Part 1: In Which Much Is Revealed About The Condition of Future New York

August 11, 2112

Dear Marie,

The cowboys were rowdy tonight, as were their familiars.

Yes, yes, I’m having the same dreams again, I fear. Truth be told, it hardly seems worth the effort to go on trying to avoid them any longer. When you come to reach my age, you realize that there’s a certain satisfaction to be had in confronting that which plagues the moonlit hours.

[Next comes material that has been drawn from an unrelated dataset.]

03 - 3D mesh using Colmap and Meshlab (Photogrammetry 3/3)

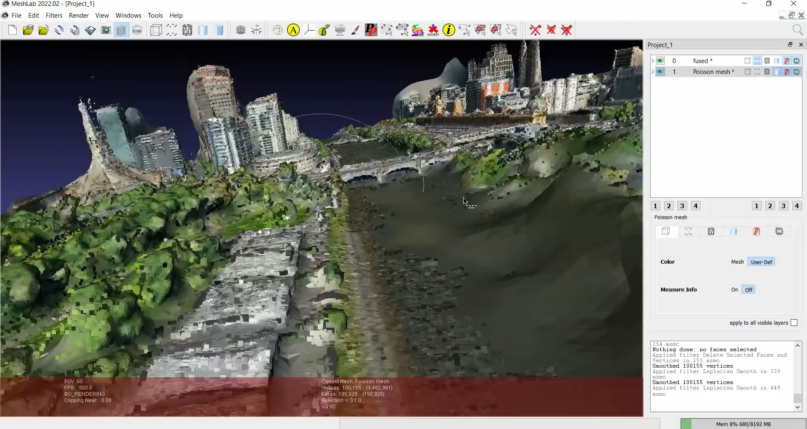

All bluff and bluster aside, I was naturally shaking with latent dream-terror upon awakening this morning in my lonely little New York one-bedroom. I use “morning” in only the loosest sense of the word, of course, as much to my chagrin I’d awoken from my rather fright-filled repose at the ungodly hour of three AM. Shaken, and with the prospect of sleep no more than a dim blot on the horizon, I decided to calm my nerves with a glass of warm milk. And by milk, I meant hard drugs, not so much drunk as injected directly into my forehead.

Loosing myself from the blankets I’d tangled about my legs in the night, I afforded myself a brief moment to reflect upon this latest iteration in the serialized horror show that my dreaming sleep had of late become. The dusty saloon, ancient beyond time, vacant but for its three ghostly patrons and their familiars. Three cowboys, each one cutting an imposing figure as if sculpted with great pride by their Creator, now grown hazy and indistinct with age and their spectral pallor. Their familiars, tiny leprechauns, dancing between their legs and mocking them all the while. Usually I enter to find the cowboys alone at the bar, sipping their whiskeys and their sarsaparillas as the leprechauns nagged, shoulders sagging under the burden of no doubt weary lives. Sometimes they are contented merely to stand, toes tracing patterns in the accumulated dust of years, occasionally giving one another reassuring, if uncomfortably protracted, pats upon the rear.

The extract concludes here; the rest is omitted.